The Greek word for fish is “ichthus.” In the Greek language, it is spelled “IXOYE.” These letters serve as an acronym, a word formed from the first letters of other words. IXOYE represents the first letter of five Greek words: Iesous Xristos Theou Yios Sotare. That translates into English as Jesus, Christ, Son of, God, Saviour.
Just as in the first century, the fish symbol is used in our day to declare faith in Jesus. It is seen on bumper stickers, giftware, novelty items, tattoos, books and much more. The “sign of the fish” is a beautiful reminder of many of Jesus’ words and His works. It also reminds us of the work He has commissioned us to do.
Fishers of men
Jesus called His disciples to be “fishers of men.” That calling is also intended for all of us who belong to Him. We are to be His fishermen, and we are to cast our “nets.” We are to preach the gospel of saving grace, so that the “nets” might be filled.
In the Bible, water is symbolic not only of the world but also of judgment. So when a fish is drawn out of the water, it is symbolic of a non-believer being raised up from under the judgment of God. The sign of the fish can also be a visual reminder of the miracles of Jesus in which He multiplied the fish to feed the multitudes—at one time 4,000 and at another time 5,000.

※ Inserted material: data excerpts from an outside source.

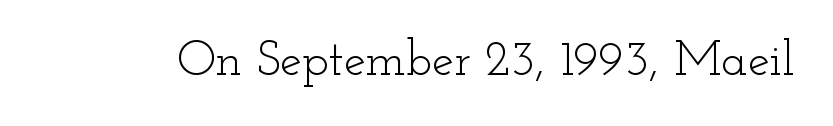
{"serif": "yes", "italic": "no", "bold": "no", "weight": "light", "width": "wide", "stroke_contrast": "low", "x_height": "small", "monospaced": "no", "underline": "no", "letter_spacing": "normal", "letter_spacing_em": 0.0, "glyph_px": 49}
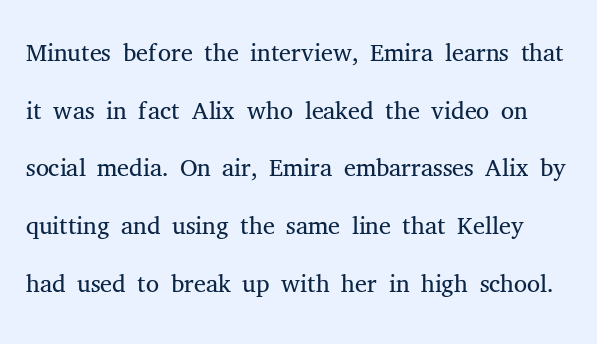
{"serif": "yes", "italic": "no", "bold": "no", "weight": "light", "width": "normal", "stroke_contrast": "medium", "x_height": "medium", "monospaced": "no", "underline": "no", "line_spacing": "normal", "line_spacing_ratio": 1.56, "letter_spacing": "normal", "letter_spacing_em": 0.0, "glyph_px": 37}
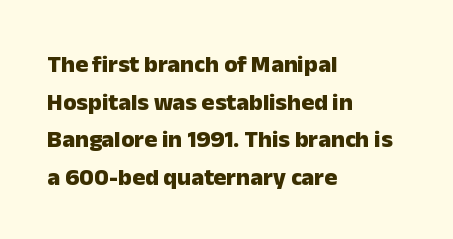
{"italic": "no", "bold": "yes", "underline": "no", "align": "left", "line_spacing": "normal", "line_spacing_ratio": 1.57, "letter_spacing": "normal", "letter_spacing_em": 0.0, "glyph_px": 24}
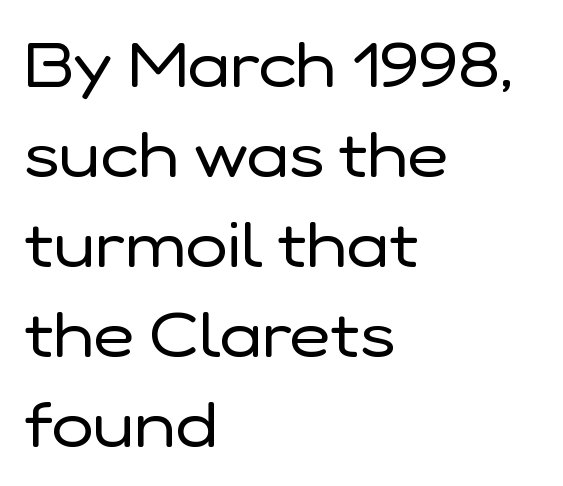
The image shows 63 px regular-weight sans-serif type, upright; set left-aligned, normal line spacing (1.43x), normal letter spacing, not underlined; low stroke contrast and a medium x-height.

The sign of the fish does not hold any special significance beyond that of a useful token to call to remembrance the name of Jesus, His calling of disciples, and His mighty miracles. While the focus of this symbol is usually linked with our identification as Christians and our mission to be “fishers of men,” the symbol should also evoke a remembrance that, at one time, we were the little fish, that was born in the water and swimming in the lost seas of the world. We were under God’s judgment until the net of the gospel was cast before us and we were captured by the saving grace of the Lord Jesus Christ. Let the sign of the fish be both a reminder of our great gift of salvation and a motivation to share the saving grace of Jesus Christ with those who are aimlessly swimming in the sea of the world.

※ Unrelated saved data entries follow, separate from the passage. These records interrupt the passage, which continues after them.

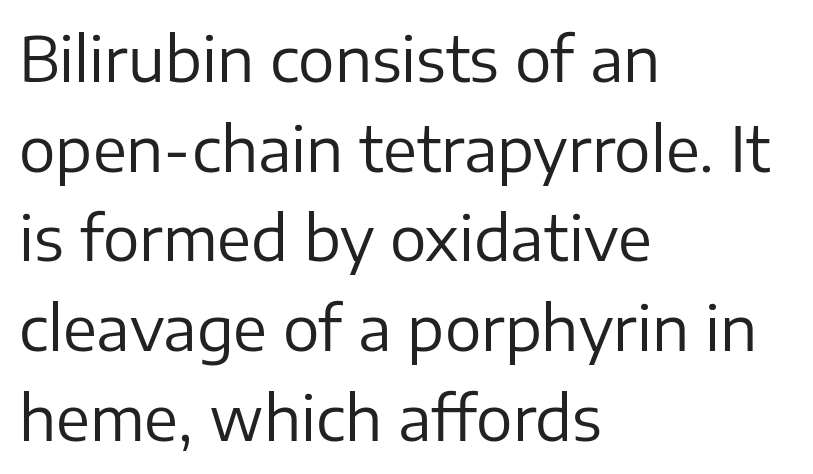
Q: Is the text bold? A: No.
Q: Is the text italic (slanted)? A: No, it is upright.
Q: Is the typeface a serif or a sans-serif typeface? A: Sans-serif.
Q: Is the text underlined? A: No.
Q: How is the paragraph aligned? A: Left-aligned.
Q: Is the spacing between letters normal or unusually wide? A: Normal.
Q: Is the spacing between lines tight, normal or loose? A: Normal.
Q: Width (condensed, normal, or wide)? A: Normal.
Q: Stroke contrast? A: Low.
Q: x-height? A: Medium.
Q: Monospaced? A: No.
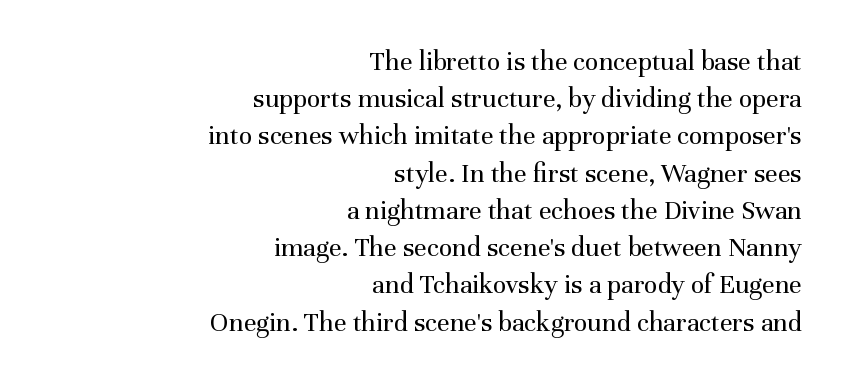
Q: Is the text bold? A: No.
Q: Is the text italic (slanted)? A: No, it is upright.
Q: Is the typeface a serif or a sans-serif typeface? A: Serif.
Q: Is the text underlined? A: No.
Q: How is the paragraph aligned? A: Right-aligned.
Q: Is the spacing between letters normal or unusually wide? A: Normal.
Q: Is the spacing between lines tight, normal or loose? A: Normal.
Q: Width (condensed, normal, or wide)? A: Normal.
Q: Stroke contrast? A: Medium.
Q: x-height? A: Medium.
Q: Monospaced? A: No.
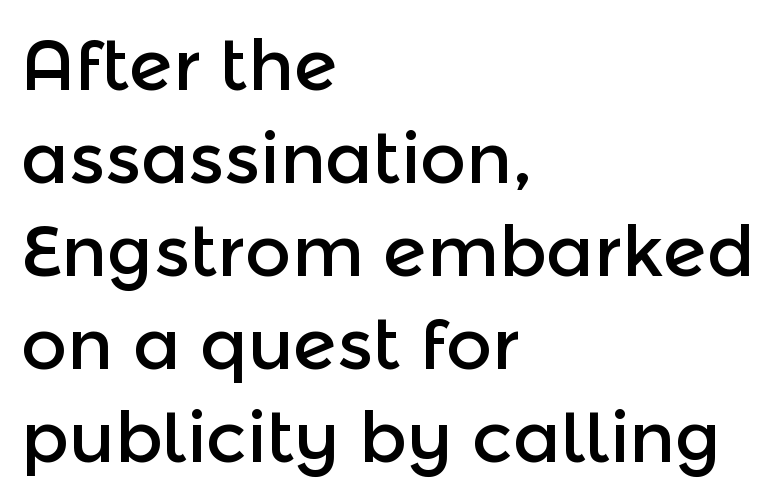
{"serif": "no", "italic": "no", "width": "normal", "x_height": "medium", "monospaced": "no", "underline": "no", "align": "left", "line_spacing": "normal", "line_spacing_ratio": 1.31, "letter_spacing": "normal", "letter_spacing_em": 0.0, "glyph_px": 71}

Each of the three Reasons Books (Got Questions? We Have Reasons for Hope 1, 2 and 3) features a Chrismon on the cover. The anchor, with Hebrews 6:19, is the Chrismon on the cover of Reasons Book 1 to represent our hope in Christ and the blue color is to represent the sea of life. The fish, and Matthew 4:19 is the Chrismon on the cover of Reasons Book 2 to represent our mission in Christ, to make “fish” for men in the seas of the world and make disciples for Christ. The green color represents life and growth. Reasons Book 3 features three Chrismons, a cradle, a cross and a crown.(Reasons Books available in print or e-book for Kindle)
Be Ready Always...
to give a reason for the Hope that you have (1 Peter 3:15). When you can’t share the gospel with your words, share it by leaving tracts that tell people about God's grace.
When leaving a tract, always be diligent to pray about the short gospel message. Pray that it be found by someone who is in need of Jesus’ saving grace, and pray that the person will have a tender heart and open ears to receive the gift Jesus desires to give them.
By the power of the Holy Spirit, even a small tract can help in turning a broken sinner from darkness to light.